(Beginning of Source records)

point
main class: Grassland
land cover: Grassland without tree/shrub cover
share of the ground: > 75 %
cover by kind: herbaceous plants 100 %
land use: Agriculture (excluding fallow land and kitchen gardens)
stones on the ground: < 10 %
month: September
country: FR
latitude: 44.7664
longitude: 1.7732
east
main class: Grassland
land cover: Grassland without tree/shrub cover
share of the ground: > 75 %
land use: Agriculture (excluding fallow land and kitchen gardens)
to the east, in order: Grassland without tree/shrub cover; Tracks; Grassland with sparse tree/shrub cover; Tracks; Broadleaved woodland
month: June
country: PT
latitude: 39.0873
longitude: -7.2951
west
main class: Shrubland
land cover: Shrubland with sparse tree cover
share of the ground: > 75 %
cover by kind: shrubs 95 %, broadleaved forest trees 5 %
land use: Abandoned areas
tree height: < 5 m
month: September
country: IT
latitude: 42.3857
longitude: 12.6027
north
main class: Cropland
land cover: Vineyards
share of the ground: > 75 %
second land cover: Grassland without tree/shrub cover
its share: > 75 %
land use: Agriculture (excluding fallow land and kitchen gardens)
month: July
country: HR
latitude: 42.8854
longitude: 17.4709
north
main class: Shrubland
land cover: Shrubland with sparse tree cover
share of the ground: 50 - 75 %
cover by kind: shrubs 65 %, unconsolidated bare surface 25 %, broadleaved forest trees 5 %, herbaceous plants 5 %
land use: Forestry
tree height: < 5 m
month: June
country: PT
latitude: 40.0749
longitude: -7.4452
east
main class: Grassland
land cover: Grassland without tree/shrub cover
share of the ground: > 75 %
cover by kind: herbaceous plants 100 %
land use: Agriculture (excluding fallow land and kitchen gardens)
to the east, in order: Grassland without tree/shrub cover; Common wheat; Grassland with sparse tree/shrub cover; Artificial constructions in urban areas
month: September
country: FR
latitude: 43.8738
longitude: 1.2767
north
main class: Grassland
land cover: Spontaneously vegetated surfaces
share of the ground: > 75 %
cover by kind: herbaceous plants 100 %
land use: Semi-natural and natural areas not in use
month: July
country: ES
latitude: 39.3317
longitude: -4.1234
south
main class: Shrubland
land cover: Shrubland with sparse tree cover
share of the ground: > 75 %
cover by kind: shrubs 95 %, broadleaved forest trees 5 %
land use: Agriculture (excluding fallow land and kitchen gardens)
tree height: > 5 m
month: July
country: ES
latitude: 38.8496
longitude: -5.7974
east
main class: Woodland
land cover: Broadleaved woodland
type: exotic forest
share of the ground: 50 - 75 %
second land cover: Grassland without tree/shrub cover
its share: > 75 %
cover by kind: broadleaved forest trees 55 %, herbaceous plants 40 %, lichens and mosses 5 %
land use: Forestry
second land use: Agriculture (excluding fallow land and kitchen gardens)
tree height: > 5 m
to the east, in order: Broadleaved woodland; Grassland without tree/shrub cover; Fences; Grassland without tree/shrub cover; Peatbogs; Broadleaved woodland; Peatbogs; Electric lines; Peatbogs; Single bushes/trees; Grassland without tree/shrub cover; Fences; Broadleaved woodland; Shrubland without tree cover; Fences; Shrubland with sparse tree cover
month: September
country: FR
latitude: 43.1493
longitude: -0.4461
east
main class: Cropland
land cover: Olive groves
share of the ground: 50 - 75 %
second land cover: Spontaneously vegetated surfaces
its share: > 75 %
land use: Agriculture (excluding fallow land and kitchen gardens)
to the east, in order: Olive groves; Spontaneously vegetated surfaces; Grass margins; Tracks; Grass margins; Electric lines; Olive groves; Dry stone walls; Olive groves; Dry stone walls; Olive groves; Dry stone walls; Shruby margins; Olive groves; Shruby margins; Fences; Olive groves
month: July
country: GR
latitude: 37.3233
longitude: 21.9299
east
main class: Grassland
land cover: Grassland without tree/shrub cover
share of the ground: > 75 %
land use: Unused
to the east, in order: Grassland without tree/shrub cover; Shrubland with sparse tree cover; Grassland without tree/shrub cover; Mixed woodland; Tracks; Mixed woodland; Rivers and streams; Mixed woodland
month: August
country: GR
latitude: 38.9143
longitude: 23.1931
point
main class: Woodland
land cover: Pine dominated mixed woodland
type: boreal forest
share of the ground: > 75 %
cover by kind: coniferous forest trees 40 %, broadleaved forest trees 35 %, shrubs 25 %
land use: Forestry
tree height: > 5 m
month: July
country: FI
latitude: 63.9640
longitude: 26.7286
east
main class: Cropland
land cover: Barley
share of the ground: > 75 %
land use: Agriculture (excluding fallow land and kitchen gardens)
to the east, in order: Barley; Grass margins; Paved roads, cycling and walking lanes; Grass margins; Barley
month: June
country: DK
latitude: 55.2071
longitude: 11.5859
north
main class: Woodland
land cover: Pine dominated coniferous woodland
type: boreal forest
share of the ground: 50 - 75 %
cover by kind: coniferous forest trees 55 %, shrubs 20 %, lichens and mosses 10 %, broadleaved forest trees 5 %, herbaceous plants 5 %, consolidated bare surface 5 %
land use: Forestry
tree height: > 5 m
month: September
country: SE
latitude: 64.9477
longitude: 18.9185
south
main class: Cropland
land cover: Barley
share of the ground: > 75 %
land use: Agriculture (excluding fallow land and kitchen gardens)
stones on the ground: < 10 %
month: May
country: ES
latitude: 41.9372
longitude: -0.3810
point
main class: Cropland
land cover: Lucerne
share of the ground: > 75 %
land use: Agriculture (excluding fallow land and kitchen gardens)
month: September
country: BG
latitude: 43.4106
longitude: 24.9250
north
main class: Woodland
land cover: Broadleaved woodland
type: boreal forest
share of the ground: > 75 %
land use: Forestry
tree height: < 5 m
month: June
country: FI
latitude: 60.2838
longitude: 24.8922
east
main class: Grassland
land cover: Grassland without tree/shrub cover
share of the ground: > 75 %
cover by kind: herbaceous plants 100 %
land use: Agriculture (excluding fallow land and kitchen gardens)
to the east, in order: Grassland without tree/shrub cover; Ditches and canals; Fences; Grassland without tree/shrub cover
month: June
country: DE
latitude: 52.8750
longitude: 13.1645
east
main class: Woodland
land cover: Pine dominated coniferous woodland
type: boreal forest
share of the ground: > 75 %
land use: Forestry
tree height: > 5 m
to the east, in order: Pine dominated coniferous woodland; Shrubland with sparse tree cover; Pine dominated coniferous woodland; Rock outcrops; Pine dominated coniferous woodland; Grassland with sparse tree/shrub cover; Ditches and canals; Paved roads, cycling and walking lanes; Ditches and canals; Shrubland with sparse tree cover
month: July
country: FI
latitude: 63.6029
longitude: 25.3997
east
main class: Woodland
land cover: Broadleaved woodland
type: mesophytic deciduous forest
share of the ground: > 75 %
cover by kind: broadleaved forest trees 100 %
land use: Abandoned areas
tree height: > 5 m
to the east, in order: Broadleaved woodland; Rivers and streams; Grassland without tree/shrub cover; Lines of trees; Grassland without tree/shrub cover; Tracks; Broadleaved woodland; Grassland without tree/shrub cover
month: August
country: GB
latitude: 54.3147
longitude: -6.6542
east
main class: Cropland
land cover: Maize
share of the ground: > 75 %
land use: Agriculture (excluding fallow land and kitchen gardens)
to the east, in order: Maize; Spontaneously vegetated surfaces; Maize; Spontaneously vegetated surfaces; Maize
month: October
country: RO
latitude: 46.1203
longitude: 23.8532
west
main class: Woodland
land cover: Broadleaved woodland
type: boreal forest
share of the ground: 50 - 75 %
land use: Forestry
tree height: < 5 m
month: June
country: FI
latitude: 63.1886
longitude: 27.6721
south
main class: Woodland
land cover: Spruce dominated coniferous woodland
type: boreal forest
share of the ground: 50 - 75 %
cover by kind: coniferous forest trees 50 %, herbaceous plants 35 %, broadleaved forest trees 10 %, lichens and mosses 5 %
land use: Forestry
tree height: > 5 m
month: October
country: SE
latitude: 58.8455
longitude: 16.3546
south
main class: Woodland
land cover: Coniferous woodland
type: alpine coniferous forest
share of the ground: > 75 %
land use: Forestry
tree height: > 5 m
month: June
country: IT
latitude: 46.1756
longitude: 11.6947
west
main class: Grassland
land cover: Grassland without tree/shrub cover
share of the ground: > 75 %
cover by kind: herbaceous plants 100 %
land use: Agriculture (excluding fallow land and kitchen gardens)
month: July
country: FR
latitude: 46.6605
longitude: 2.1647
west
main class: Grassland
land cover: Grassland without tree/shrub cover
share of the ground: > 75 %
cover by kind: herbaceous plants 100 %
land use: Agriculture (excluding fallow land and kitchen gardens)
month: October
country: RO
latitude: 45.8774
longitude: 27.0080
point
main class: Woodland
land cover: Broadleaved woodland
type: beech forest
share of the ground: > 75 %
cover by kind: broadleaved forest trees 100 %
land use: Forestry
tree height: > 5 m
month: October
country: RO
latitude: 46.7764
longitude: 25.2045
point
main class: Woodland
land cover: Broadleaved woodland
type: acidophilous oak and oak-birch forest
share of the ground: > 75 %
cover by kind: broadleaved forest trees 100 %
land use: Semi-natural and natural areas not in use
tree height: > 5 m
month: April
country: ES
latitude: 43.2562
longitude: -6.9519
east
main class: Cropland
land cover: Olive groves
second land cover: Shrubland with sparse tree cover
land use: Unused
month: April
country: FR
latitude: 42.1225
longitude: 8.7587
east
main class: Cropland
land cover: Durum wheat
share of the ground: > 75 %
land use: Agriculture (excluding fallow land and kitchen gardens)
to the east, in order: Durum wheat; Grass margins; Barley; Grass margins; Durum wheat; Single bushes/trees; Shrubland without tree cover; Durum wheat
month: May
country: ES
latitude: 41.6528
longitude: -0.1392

(End of Source records)

Please return each line of the data above in which the word "Barley" occurs.

land cover: Barley
to the east, in order: Barley; Grass margins; Paved roads, cycling and walking lanes; Grass margins; Barley
land cover: Barley
to the east, in order: Durum wheat; Grass margins; Barley; Grass margins; Durum wheat; Single bushes/trees; Shrubland without tree cover; Durum wheat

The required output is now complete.